Saturday, September 15, 2007

SUDDEN DEATH IN CRICKET

Bowl-out......another term added to the cricket lexicon as the Twenty20 World Cup captures our imagination. A slam-bang opening match between West Indies and South Africa, Australia caught napping by Zimbabwe in a thriller, Bangladesh showing West Indies the door and now the India-Pakistan clash bringing bowl-out into public consciousness.

Here's excitement and uncertainty, so lacking in the disaster of a World Cup earlier this year in the longer version of the game (yes, it's time to do unto one-day cricket what ODI did for test cricket). The shorter duration does make it more of a level-playing field, as weaker sides don't have a mountain to climb and can topple a bigwig in a short burst.

It may be more of entertainment and less of cricket, more of power and less of elegance, more of instant action and less of endurance - in short, hit and giggle cricket, with a penalty shootout thrown in. But the bottomline is - it's quick-fix viewer-friendly entertainment and takes away the predictability of a 50-over match in the middle overs, with the field spread out and the batsmen ekeing out singles.

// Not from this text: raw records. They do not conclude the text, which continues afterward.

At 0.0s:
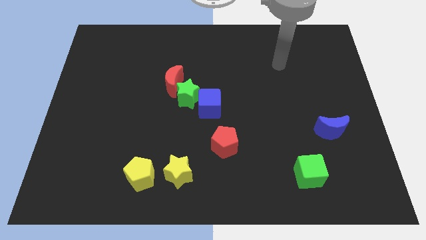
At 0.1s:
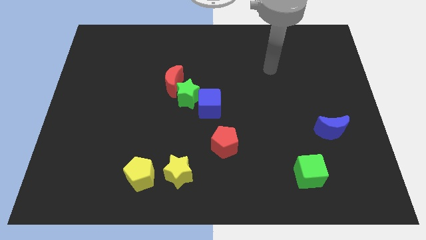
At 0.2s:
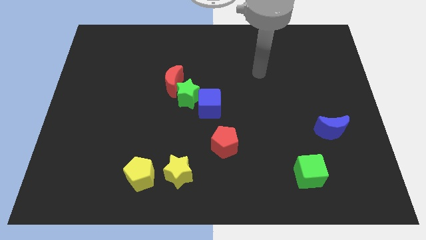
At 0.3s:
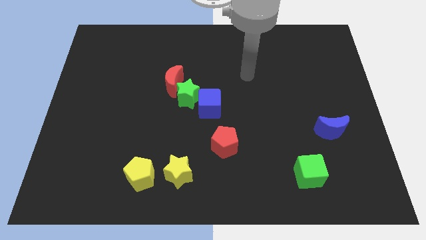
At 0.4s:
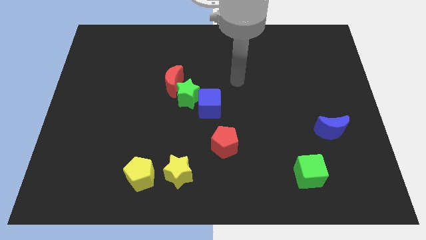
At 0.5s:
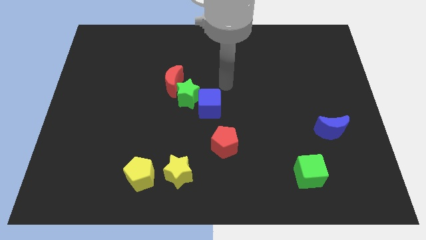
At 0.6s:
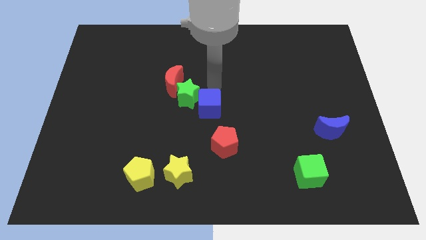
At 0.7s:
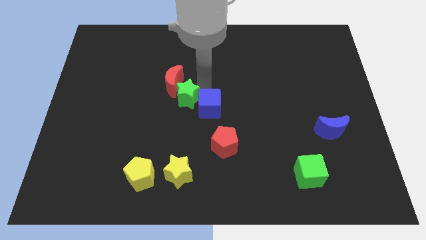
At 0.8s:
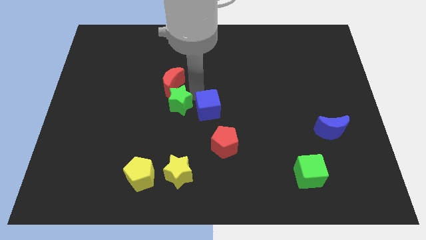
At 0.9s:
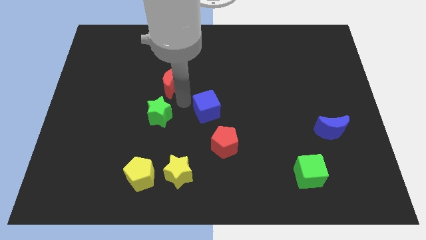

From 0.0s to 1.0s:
pull the blue cube apart from the green star

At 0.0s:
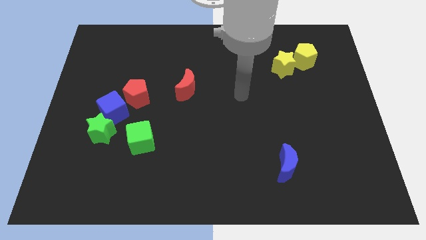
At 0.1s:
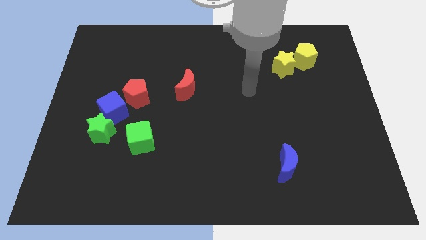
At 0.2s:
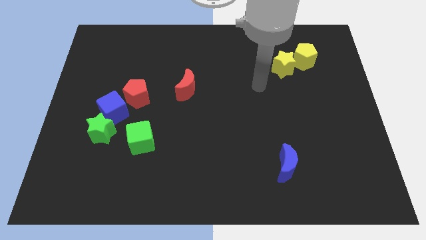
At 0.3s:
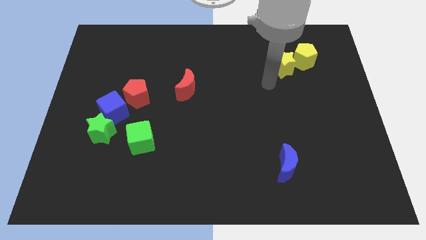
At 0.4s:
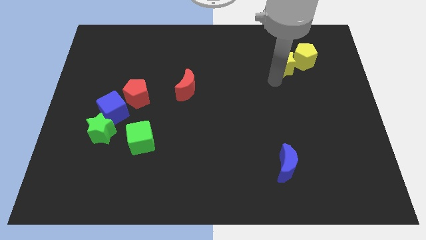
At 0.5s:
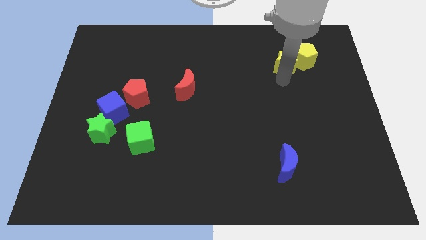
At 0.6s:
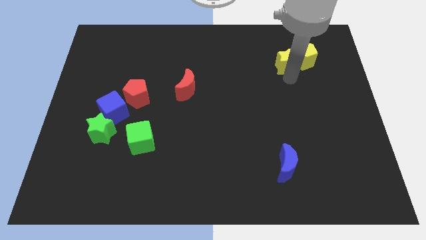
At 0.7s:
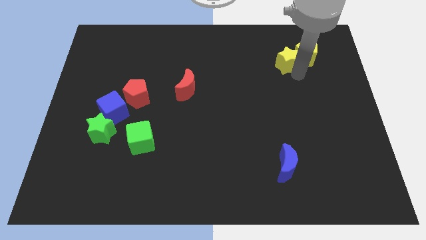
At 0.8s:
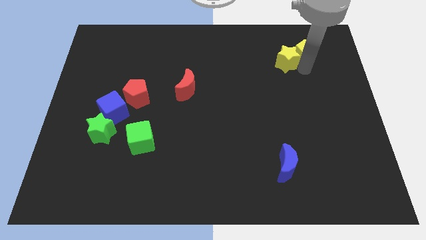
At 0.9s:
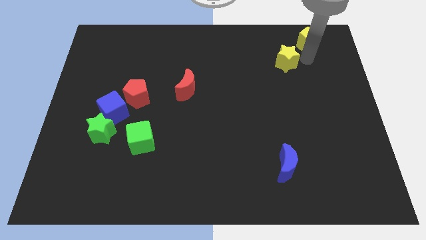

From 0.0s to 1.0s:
pull the yellow star apart from the yellow pentagon

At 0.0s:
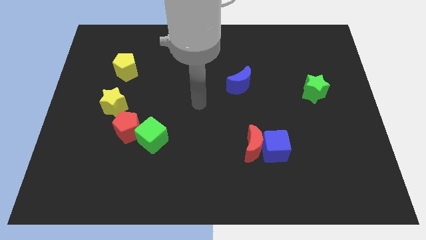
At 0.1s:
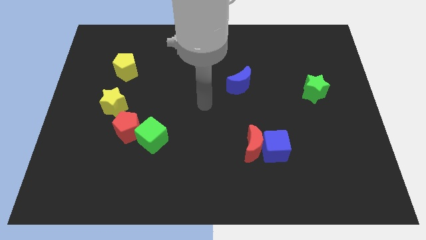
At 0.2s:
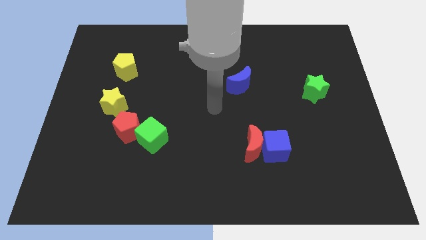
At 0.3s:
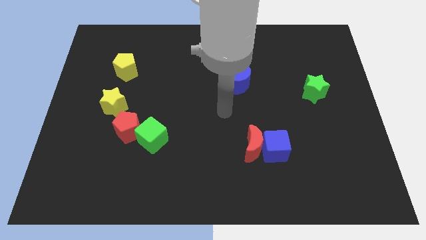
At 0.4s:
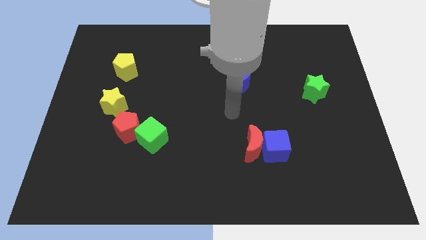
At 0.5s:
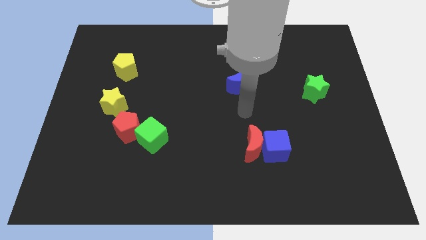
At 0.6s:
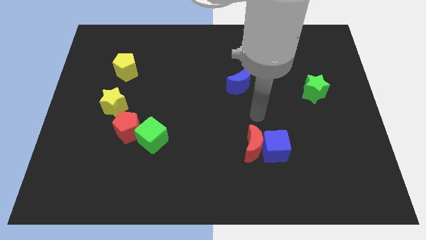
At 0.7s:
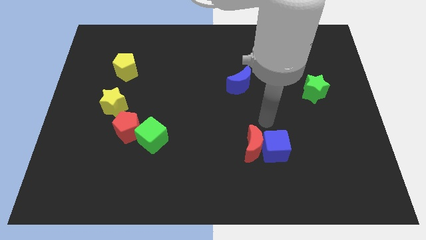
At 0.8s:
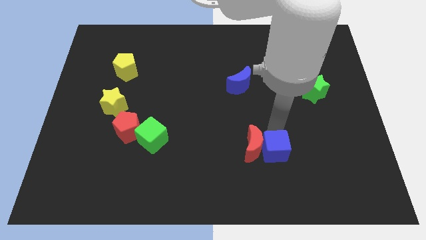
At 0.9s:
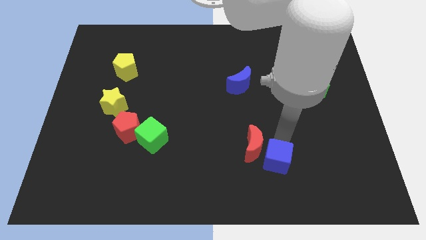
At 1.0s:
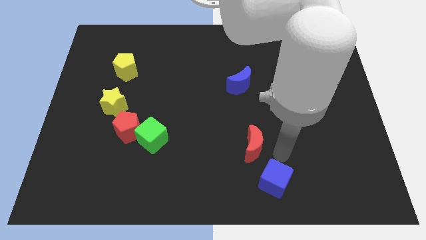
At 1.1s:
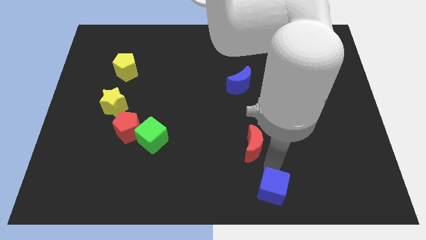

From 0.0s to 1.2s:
move the red moon away from the blue cube
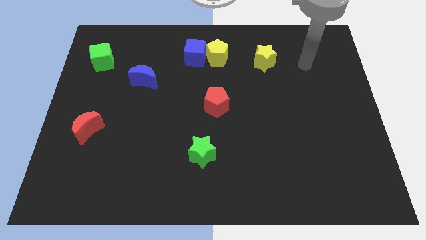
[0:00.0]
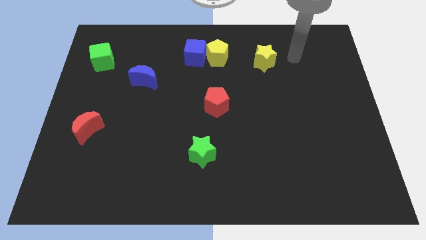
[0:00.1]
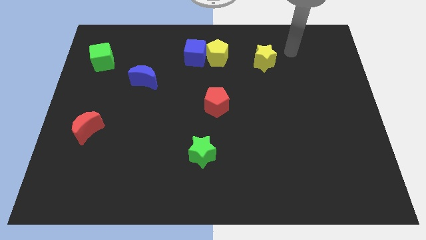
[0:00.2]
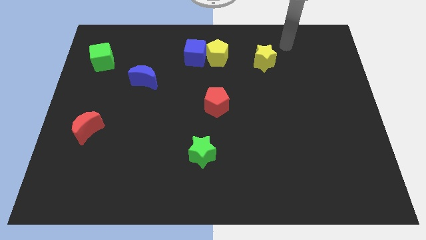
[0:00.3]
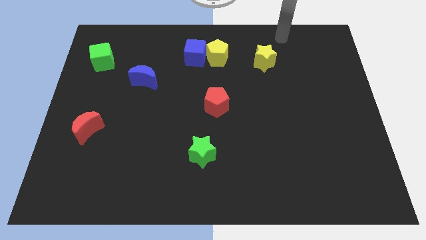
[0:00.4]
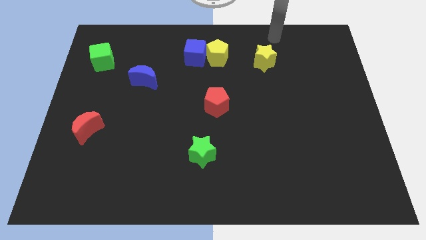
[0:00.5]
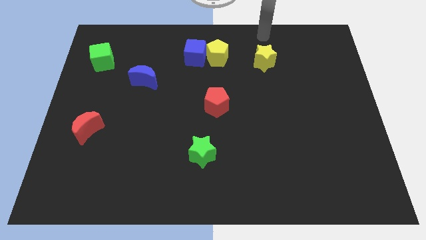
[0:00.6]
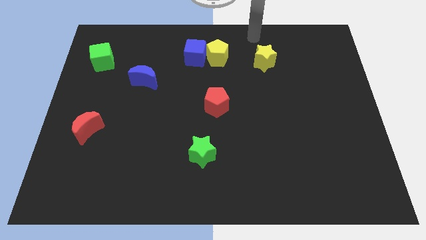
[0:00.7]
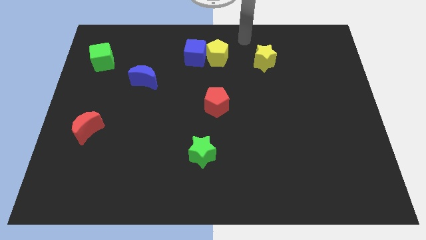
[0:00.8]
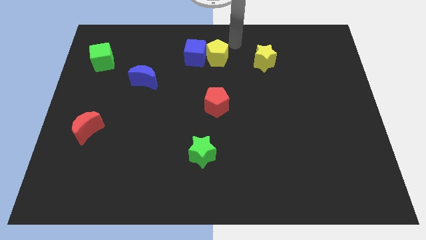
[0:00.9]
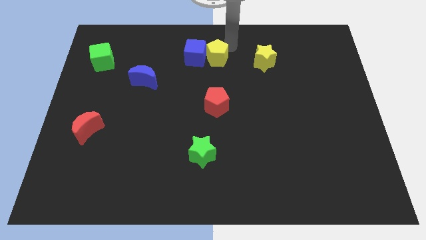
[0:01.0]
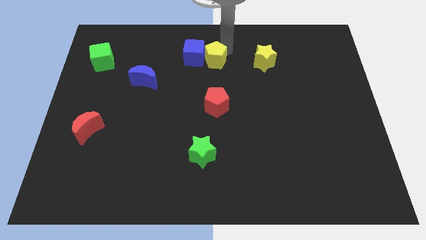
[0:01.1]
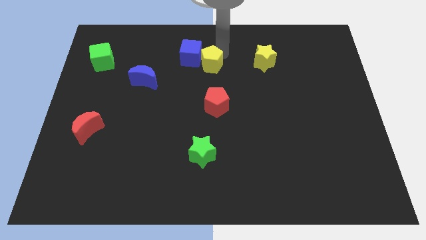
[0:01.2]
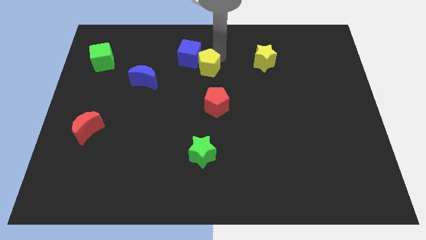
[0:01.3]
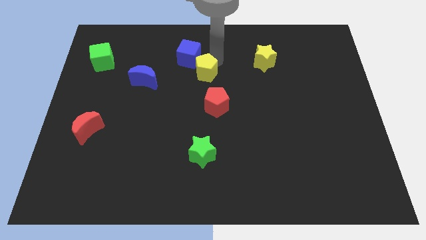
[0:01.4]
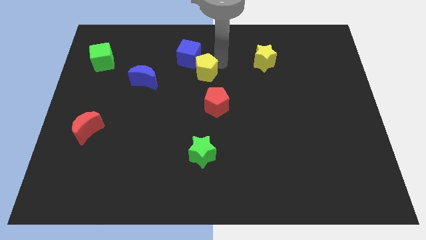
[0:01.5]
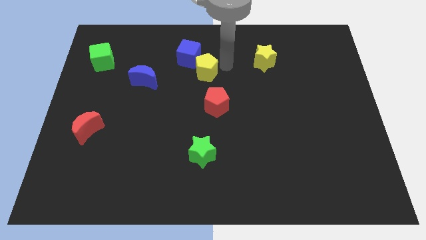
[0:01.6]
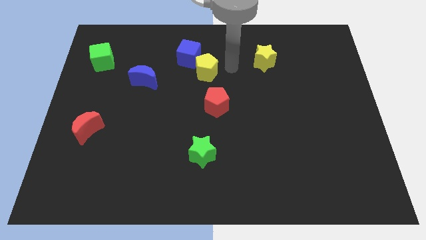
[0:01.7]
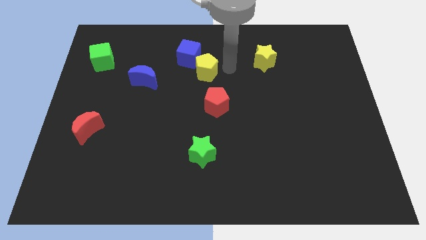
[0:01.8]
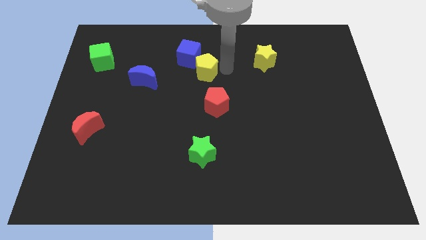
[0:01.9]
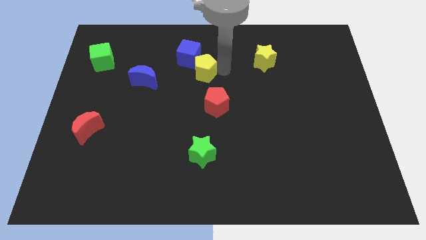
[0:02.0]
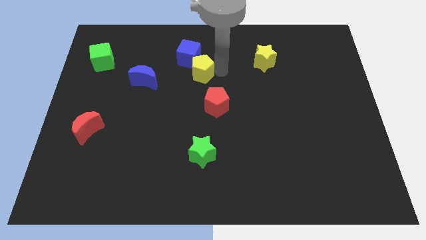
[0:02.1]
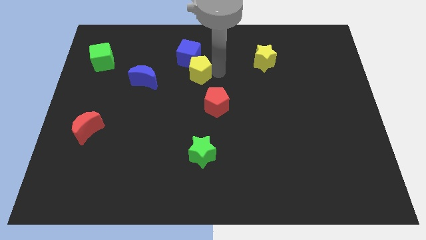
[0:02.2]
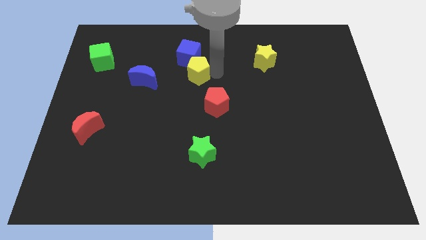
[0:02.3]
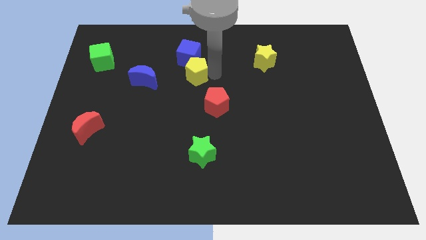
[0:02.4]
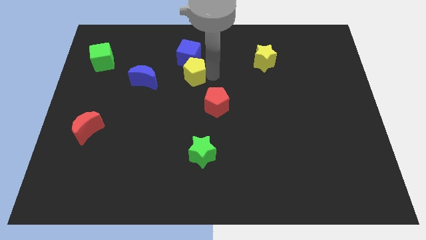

As India and Pakistan sparred in the bowl-out, it was just like a France vs Italy World Cup final or the India vs Australia final in Chak De India. The one difference, nobody to block the ball from hitting the stumps, like a goalkeeper in hockey or football. It seemed like a weird joke at first glance, but an enjoyable one.

Only that the joke is on all the three Pakistan bowlers who failed to knock down a set of open stumps. It's no consolation, but those who shied at the stumps in the only other bowl-out instance fared worse. Shockingly in the 2006 clash between New Zealand and West Indies, the first six bowlers - 12 balls - failed to record one strike.